You cannot fault the investors and the startups: what they are doing is very strategic and for many of us, we would do the same thing. Patriotism is not necessarily a business strategy especially when there are many competitors pursuing the same customers. Yes, any small advantage helps. Yet, there is a grave financial risk to nations like Nigeria and Kenya where most of the fintechs in their domains are foreign incorporated or re-incorporated. Simply, the tax money stays outside Africa, and the accumulation of wealth is not domiciled in Africa especially when the companies can apply the usual tax reduction/avoidance schemes typical in global technology space. They use those schemes to reduce tax obligations by moving receipts domain to lower tax jurisdictions. It is a double whammy for Africa: your talent has moved offshore and the tax money will not come even though the wealth is generated in your land.
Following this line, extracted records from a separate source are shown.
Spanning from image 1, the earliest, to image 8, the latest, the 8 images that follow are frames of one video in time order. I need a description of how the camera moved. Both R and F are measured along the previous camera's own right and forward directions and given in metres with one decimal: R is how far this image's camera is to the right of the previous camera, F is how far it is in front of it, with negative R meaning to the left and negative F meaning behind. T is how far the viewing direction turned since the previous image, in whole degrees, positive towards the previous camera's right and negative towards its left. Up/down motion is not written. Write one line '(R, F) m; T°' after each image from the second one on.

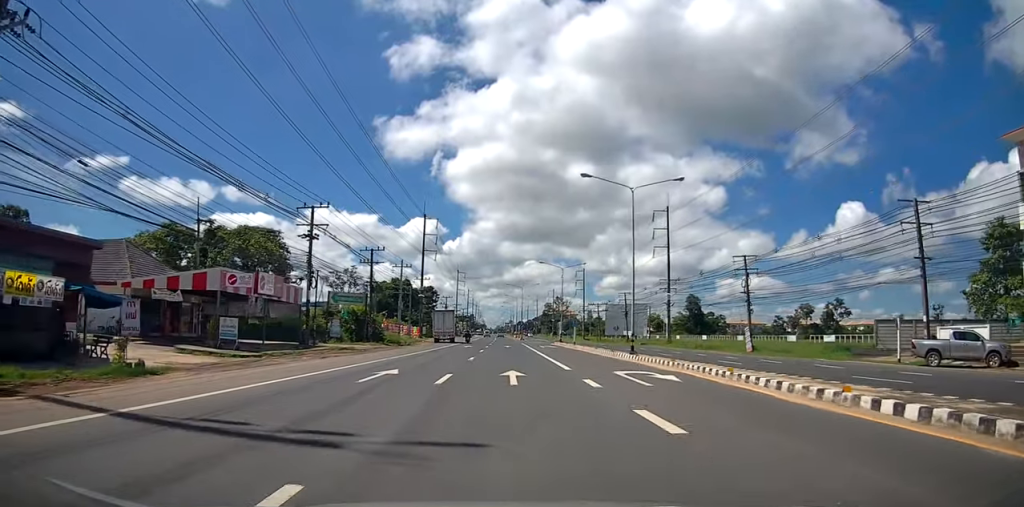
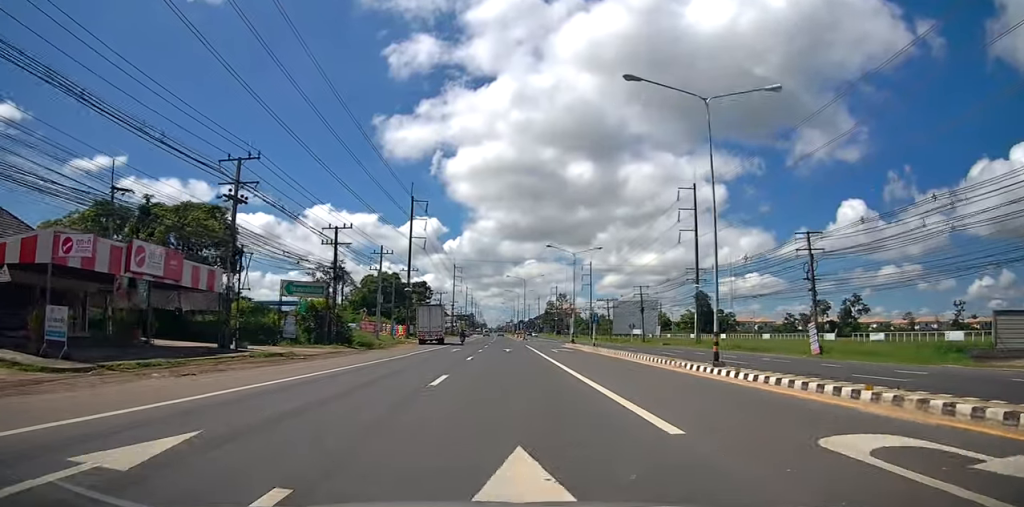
(-0.1, +12.2) m; 0°
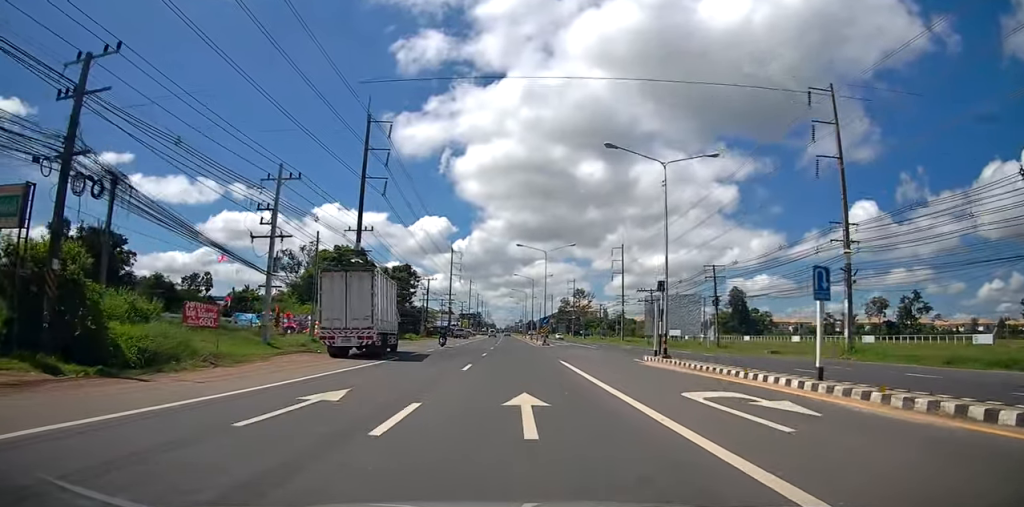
(+0.2, +29.8) m; 0°
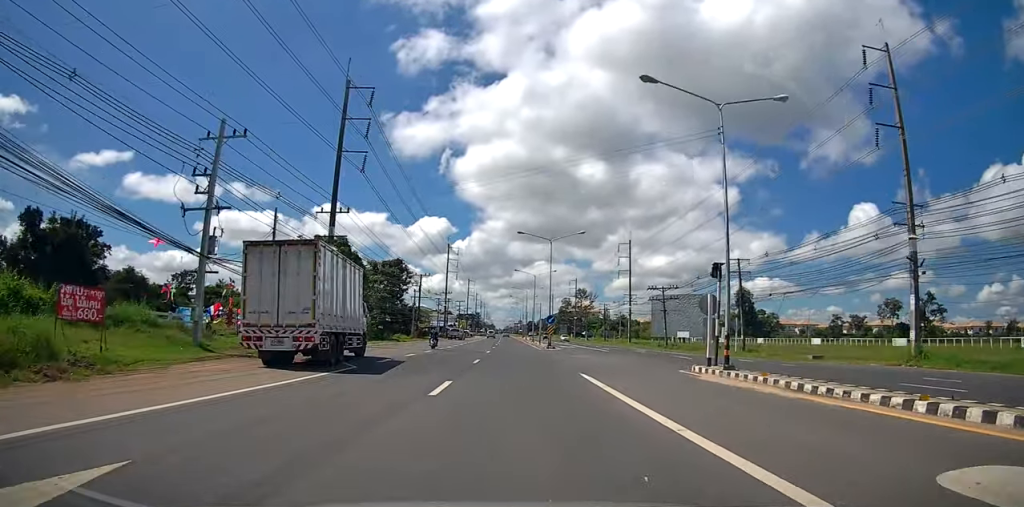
(0.0, +7.1) m; 0°
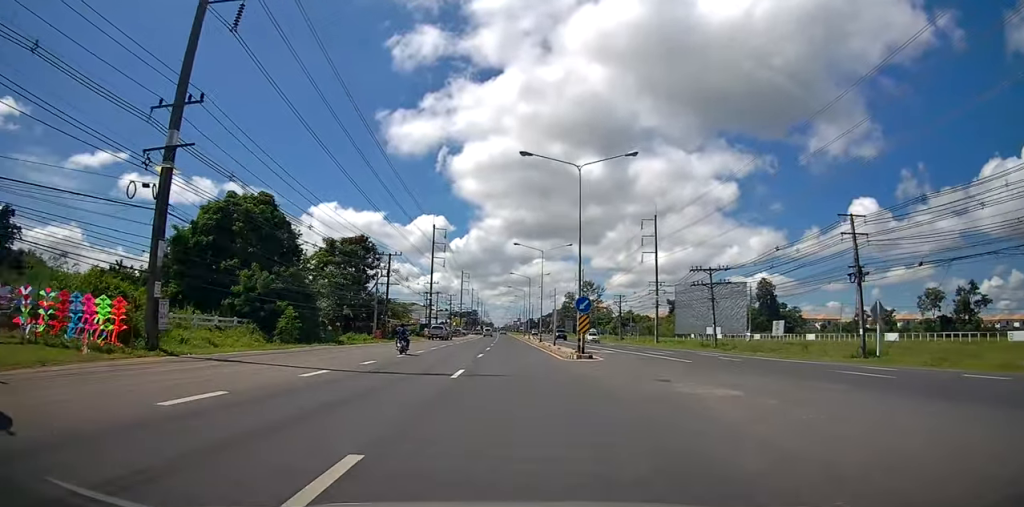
(+0.1, +20.0) m; 0°
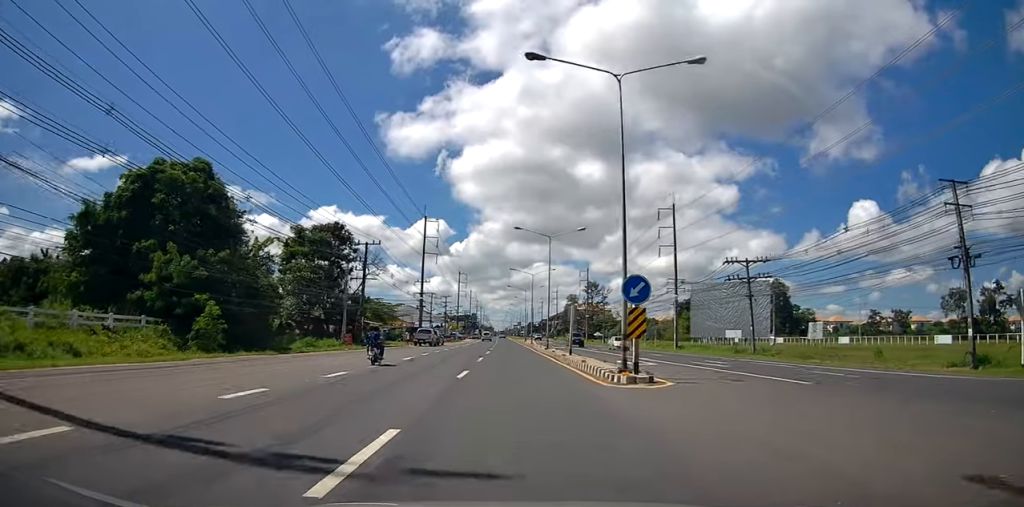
(0.0, +9.9) m; 0°
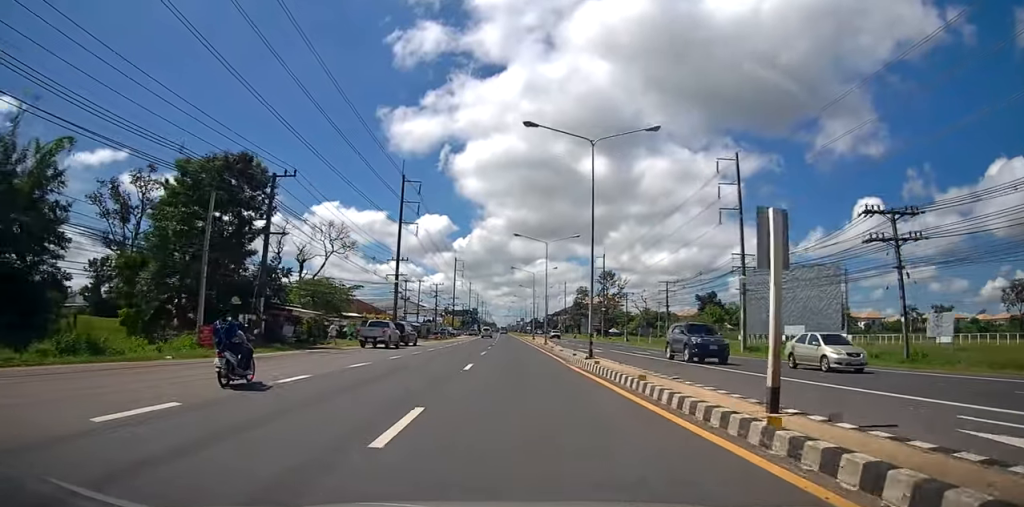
(0.0, +21.1) m; 0°
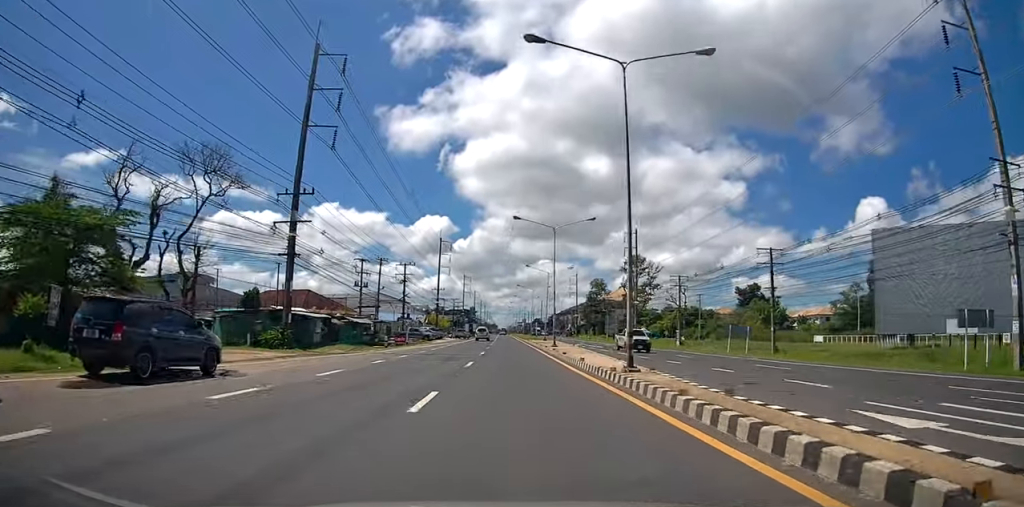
(+0.1, +31.0) m; 0°

Solution to Relocating African Tech Firms

One way we can stop this technology drain is to use tax policy to entice the foreign investors to do real FDI where they invest and possibly support the local firms to stay in Africa. The key is to deploy smart tax incentive to make Africa more exciting to both local and foreign investors. And if we do that, we would not just keep African firms here but could attract foreign companies to move and operate within Africa. As I have noted, Silicon Valley was built by men (and women) and our governments must put out policies to galvanize and seed our opportunities.

If you go back to history, you will notice that there was nothing like Silicon Valley before Shockley invented the transistors and legends like Gordon Moore made the two words “Silicon Valley” something iconic. So, Silicon Valley became because men made it happen. And U.S. government had a major role: the co-Founder of Intel Corp Gordon Moore worked on his post doctoral research in the Johns Hopkins University Applied Physics Lab under a U.S. government funded project. When he moved back to California to co-found Intel Corp, that government project had provided real practical insights to him. Those were catalytic in starting Intel.
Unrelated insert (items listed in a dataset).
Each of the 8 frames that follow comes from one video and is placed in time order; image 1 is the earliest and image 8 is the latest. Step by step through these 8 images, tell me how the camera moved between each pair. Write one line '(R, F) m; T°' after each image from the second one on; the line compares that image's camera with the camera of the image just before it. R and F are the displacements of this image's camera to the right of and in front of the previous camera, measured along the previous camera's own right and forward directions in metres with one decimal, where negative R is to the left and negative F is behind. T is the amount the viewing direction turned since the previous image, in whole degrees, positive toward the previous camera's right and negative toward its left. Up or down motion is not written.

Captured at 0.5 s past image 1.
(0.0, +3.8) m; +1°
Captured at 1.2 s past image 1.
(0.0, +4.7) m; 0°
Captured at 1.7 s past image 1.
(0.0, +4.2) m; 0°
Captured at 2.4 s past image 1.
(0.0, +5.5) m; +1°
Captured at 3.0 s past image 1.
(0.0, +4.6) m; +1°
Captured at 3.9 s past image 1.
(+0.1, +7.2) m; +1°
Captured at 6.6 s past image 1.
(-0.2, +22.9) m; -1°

One of the key enablers of the new City was the on-boarding of investors who came to seek opportunities. Sandy Hill Road, Menlo Park (California) became a street into the future of the world where many investors made homes, investing in game-changing startups. Those companies saw opportunities and came, and they also seeded new opportunities. It became a positive continuum which remains till today.
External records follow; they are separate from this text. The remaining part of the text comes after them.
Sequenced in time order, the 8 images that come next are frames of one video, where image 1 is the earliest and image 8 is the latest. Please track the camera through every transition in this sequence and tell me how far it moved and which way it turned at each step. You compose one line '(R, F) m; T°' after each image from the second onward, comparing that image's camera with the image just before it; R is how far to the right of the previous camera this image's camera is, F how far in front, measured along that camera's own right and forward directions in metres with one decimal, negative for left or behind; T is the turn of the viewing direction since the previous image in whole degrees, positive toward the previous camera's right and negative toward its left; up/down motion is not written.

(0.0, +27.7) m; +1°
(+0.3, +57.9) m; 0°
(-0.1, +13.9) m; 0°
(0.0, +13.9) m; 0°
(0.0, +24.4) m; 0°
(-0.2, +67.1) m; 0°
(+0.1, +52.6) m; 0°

To create such enablers in Nigeria, I propose the following specifically for the VC sector:

  • Government should offer new VC (venture capital) firms in Nigeria a ten year tax incentive on profits if they have asset base of at least $50 million and will deploy the capital in Nigerian startups within 10 years.
  • Offer new VC firms in Nigeria the opportunity to repatriate 100% of profit within ten years. That will help the country to attract foreign investors to make Nigeria home.

If we have this type of incentive, we will see many VC funds making Nigeria home to explore opportunities in Nigeria and continental Africa. That influx of capital will have many multiples of benefits to our economy, our people, and the Nigerian technology space. Most especially our tech firms will stay home.

Yes, we have a tax problem but the VC industry is not going to fix that for us since it is not one of the areas where we have been unable to appropriately collect taxes. There is no tax avoidance in the sector because none exists at the moment in the VC sector. The goal of this incentive is to explore how to deepen our capabilities to ensure that future companies are created in Nigeria. Our Vice President has been working on improving the business ecosystem in Nigeria; making it easier for startups to receive capital would go a long way. A new tax regime for investors, especially at the early stages, would be strategic for the nation.